Where does the word "http" show up in the records? Copy every line that has it.

Saved data entries
--- START ---

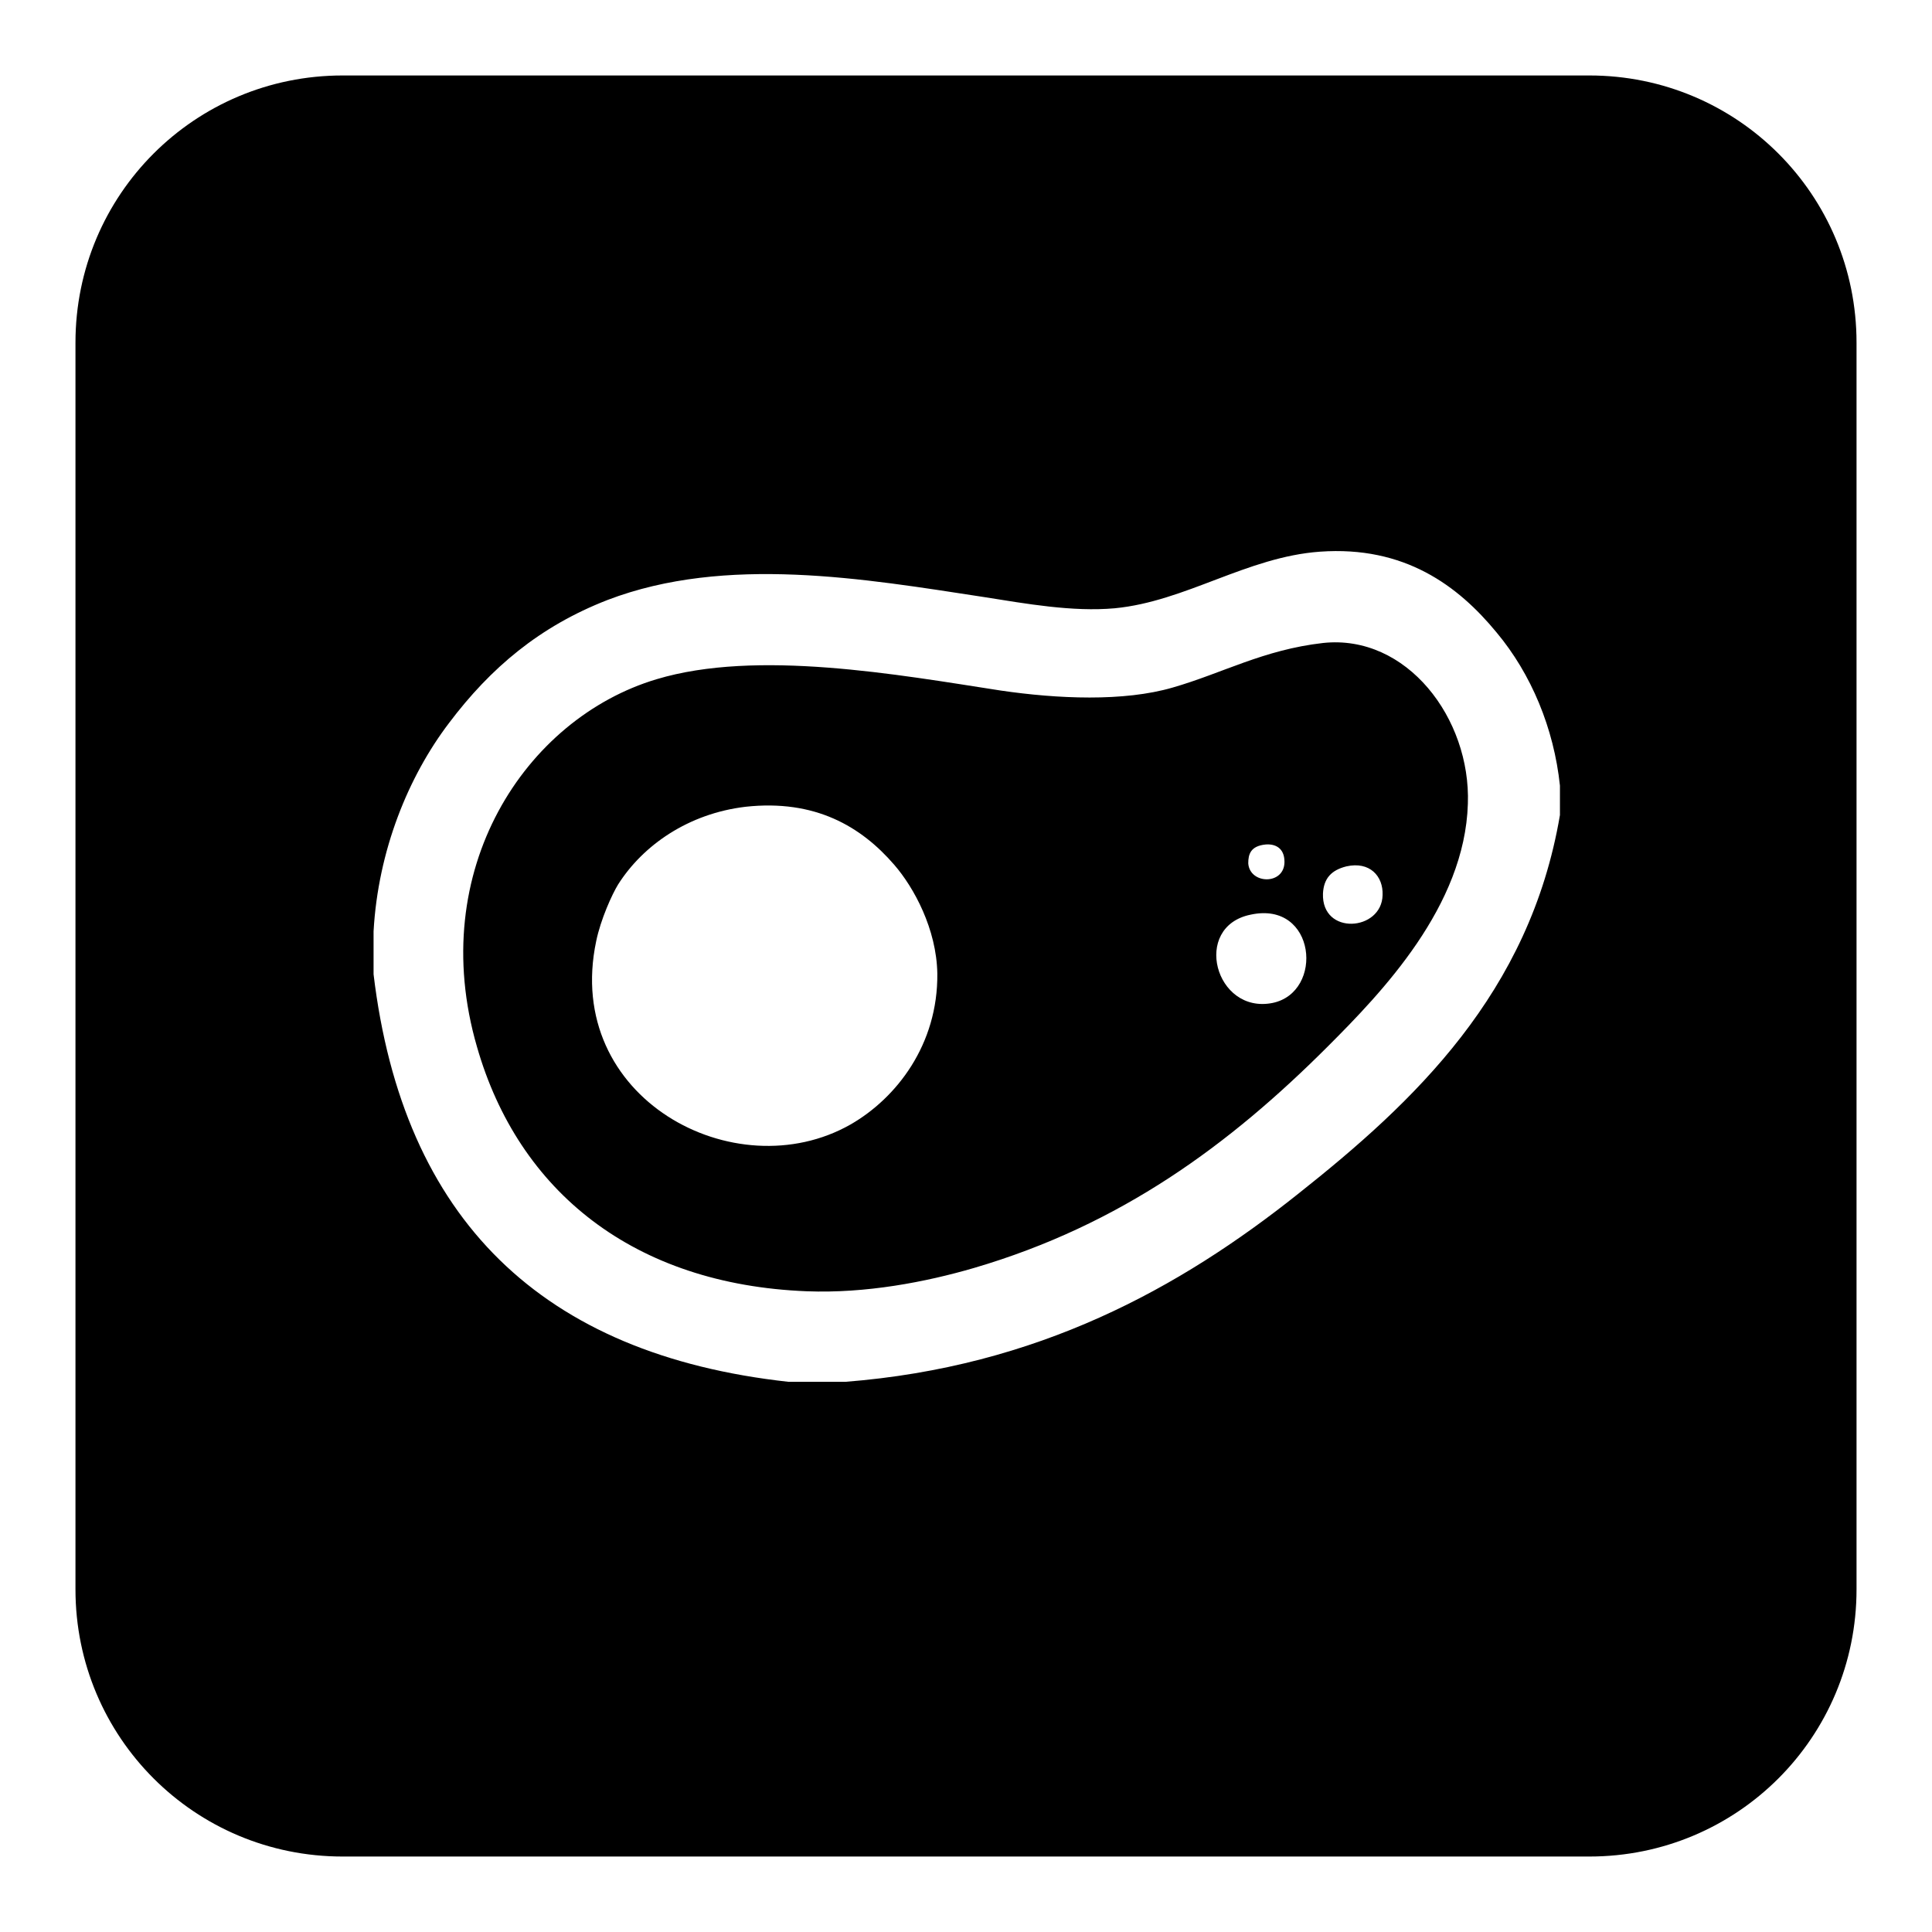 <?xml version="1.0" encoding="utf-8"?>
<!-- Svg Vector Icons : http://www.onlinewebfonts.com/icon -->
<!DOCTYPE svg PUBLIC "-//W3C//DTD SVG 1.1//EN" "http://www.w3.org/Graphics/SVG/1.1/DTD/svg11.dtd">
<svg version="1.1" xmlns="http://www.w3.org/2000/svg" xmlns:xlink="http://www.w3.org/1999/xlink" x="0px" y="0px" viewBox="0 0 256 256" enable-background="new 0 0 256 256" xml:space="preserve">
<g><g><path fill="#000000" d="M175.3,85.2c-7.9,0.9-13.3,4-19.9,5.9c-6.5,1.9-15.3,1.5-22.8,0.4C119,89.4,100.3,86,87,90c-17.4,5.2-30.6,25.3-23.8,48.7c5.5,19.2,20.8,31.5,43.7,32.4c7.8,0.3,15.7-1.2,22.2-3.1c19.4-5.7,33.8-16.3,46.8-29.3c7.2-7.2,18.2-18.6,18.6-32.2C194.9,95.2,186.4,84,175.3,85.2L175.3,85.2z M112.7,149c-15.3,8.7-38.1-3.5-33.7-24.3c0.6-2.9,2.1-6.2,2.9-7.5c3.3-5.2,9.3-9.4,16.9-10.3c9.2-1,15.3,2.6,19.7,7.7c2.6,3,5.6,8.5,5.7,14.4C124.3,138.4,118.8,145.5,112.7,149L112.7,149z M167.7,111.9c1.2-0.1,2.5,0.4,2.5,2.3c0,3.1-4.6,3-4.8,0.2C165.4,113.2,165.7,112.1,167.7,111.9z M168.6,132.9c-7.6,1.5-10.7-10.1-2.9-11.7C174.4,119.3,175.5,131.5,168.6,132.9z M175.3,118.4c0.1-2,1.1-3.1,3.1-3.6c3.1-0.7,4.9,1.3,4.8,3.8C183.1,123.4,175.1,124,175.3,118.4L175.3,118.4z M210.6,10H45.4C25.8,10,10,25.8,10,45.4v165.2c0,19.6,15.8,35.4,35.4,35.4h165.2c19.6,0,35.4-15.8,35.4-35.4V45.4C246,25.8,230.2,10,210.6,10z M206.7,108c-4,23.6-19.3,38-34.7,50.2c-15.7,12.5-34.5,22.9-60,24.9h-7.5c-32.7-3.6-51.1-21.5-55-54v-5.7c0.6-10.7,4.6-20.5,10-27.6C65,88.5,71.5,83,80.5,79.5c15.7-6,34.1-2.8,49.8-0.4c5.7,0.9,11.8,2,17.4,1.5c9.4-0.9,17.5-6.8,27.2-7.5c11.2-0.8,18.3,4.5,23.4,10.7c4.6,5.5,7.6,12.7,8.4,20.3L206.7,108L206.7,108z"/></g></g>
</svg>

--- END ---

Solution to this exercise
<!-- Svg Vector Icons : http://www.onlinewebfonts.com/icon -->
<!DOCTYPE svg PUBLIC "-//W3C//DTD SVG 1.1//EN" "http://www.w3.org/Graphics/SVG/1.1/DTD/svg11.dtd">
<svg version="1.1" xmlns="http://www.w3.org/2000/svg" xmlns:xlink="http://www.w3.org/1999/xlink" x="0px" y="0px" viewBox="0 0 256 256" enable-background="new 0 0 256 256" xml:space="preserve">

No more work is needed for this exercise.